Is your Christmas tree at risk? A new study shows that current rates of global warming and impending droughts could wipe out needle-leaf evergreen trees (NET) within the Southwest United States by the year 2100.
In the American Southwest, that semi-arid region comprising Arizona and parts of New Mexico, California, Colorado, Utah and Texas, 11 national forests capture and store significant amounts of atmospheric carbon. Therefore, researchers believe the loss of broad-scale forest cover across the Southwest could contribute additional carbon to the atmosphere and accelerate climate change, according to a news release.
Recent droughts across the Southwest have caused widespread tree loss, even among drought-resistant species. Water-thrifty conifers such as piñon pine and juniper experienced a high rate of mortality between 2002 and 2003. This, along with similar reports from around the world, prompted researchers to investigate if climate change was to blame.

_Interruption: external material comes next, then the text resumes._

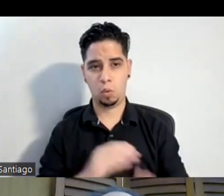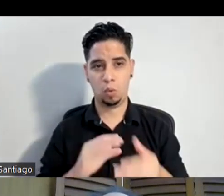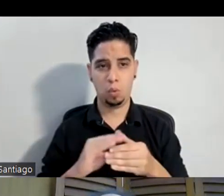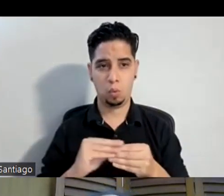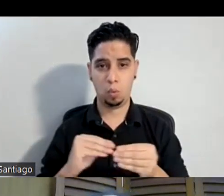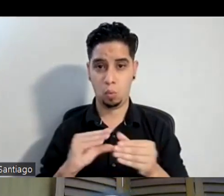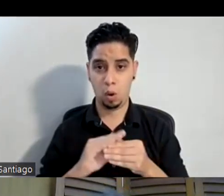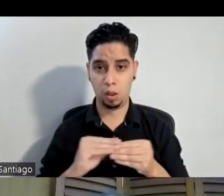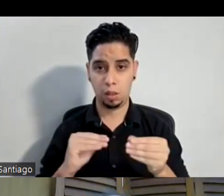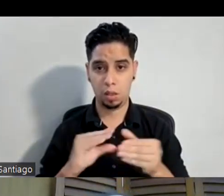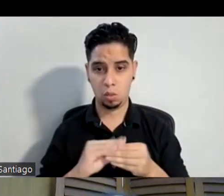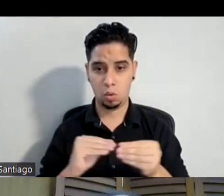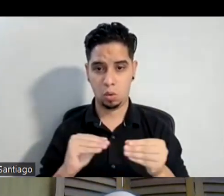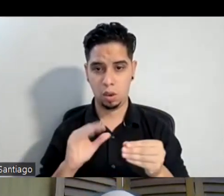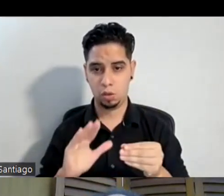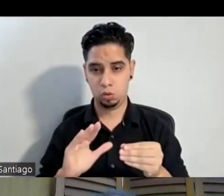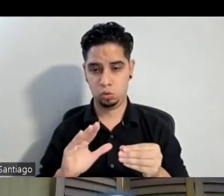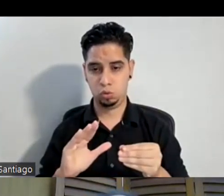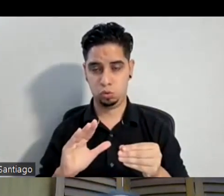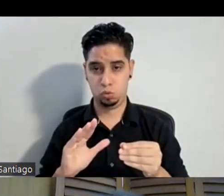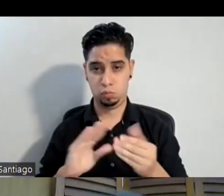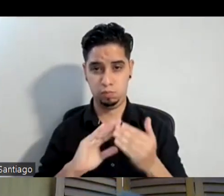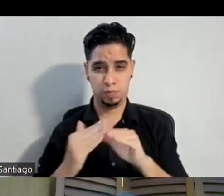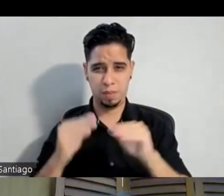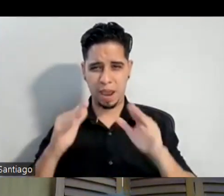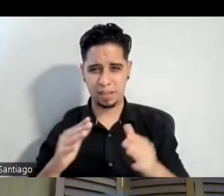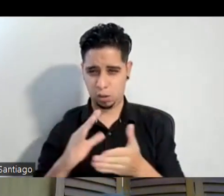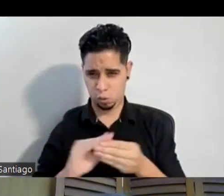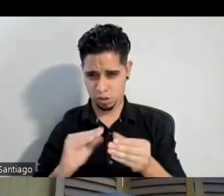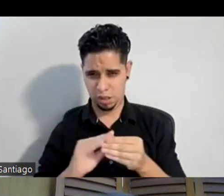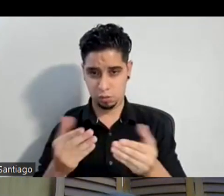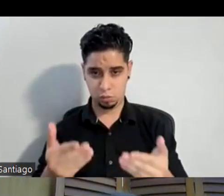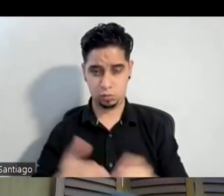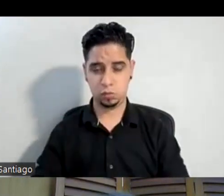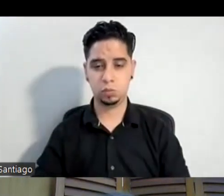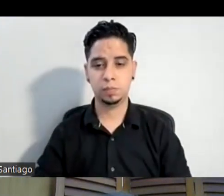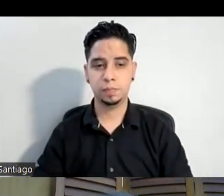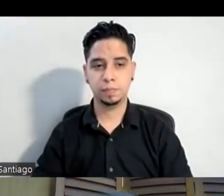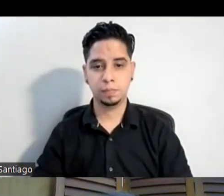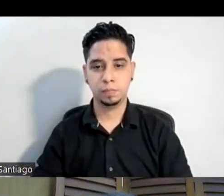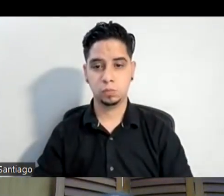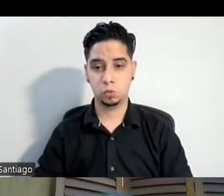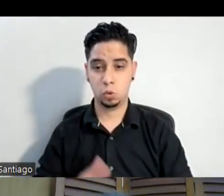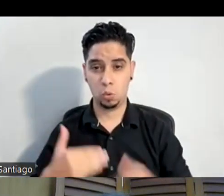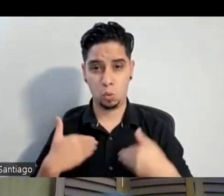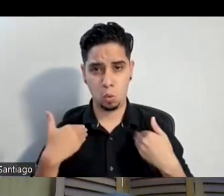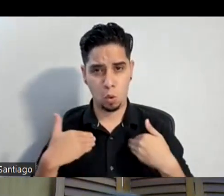llega? Exacto ¿Cómo llega? Porque tú eres bien joven entonces fue como que

For their study, researchers from the University of Delaware (UD) monitored trees in a piñon-juniper woodland in New Mexico over a five-year period. To mimic drought conditions, researchers restricted nearly 50 percent of the rainfall from three one-mile square plots and applied their findings to global simulation models. Ultimately, 80 percent of the mature piñon pines in the three plots died, while others suffered from other side effects related to drought stress.
Compared to deciduous trees that shed their broad leaves annually when the weather gets cooler, evergreen trees have needles that they shed periodically so they are never completely bare. When fewer nutrients are available -- such as water -- evergreens generally have an advantage because they have adapted to growing in warmer areas with poor soil.
Based on the results of their field experiments, researchers were interested to see how the trees would respond to drought in the future under predicted global warming scenarios. Using a series of computational models, they found 72 percent of the region's evergreen forests will die by 2050. Furthermore, nearly 100 percent of evergreens in the Southwest U.S. will die out by 2100.
"We had to figure out how to make a single model behave in a way that would produce a range of future possibilities of how climate and vegetation will respond. To do this, we used sea surface temperature patterns that other models had predicted, since sea surface temperatures play an important role in shaping how precipitation may change in a warming world," Sara Rauscher, one of the study researchers and an assistant professor of geography in UD's College of Earth, Ocean, and Environment, explained in the university's release.
Despite some variation among the computational models and predicted precipitation patterns, the results were always the same: widespread tree death.
"This region of the U.S. has beautiful, old forests with historic trees like Ponderosa pine that you don't find in many other places. A treeless Southwest would be a major change not only to the landscape, but to the overall ecosystem," Rauscher added. "There is always hope that if we reduce carbon emissions, if we continue to address climate change, then perhaps these dire projections won't come to pass."
Their study was recently published in the journal Nature Climate Change.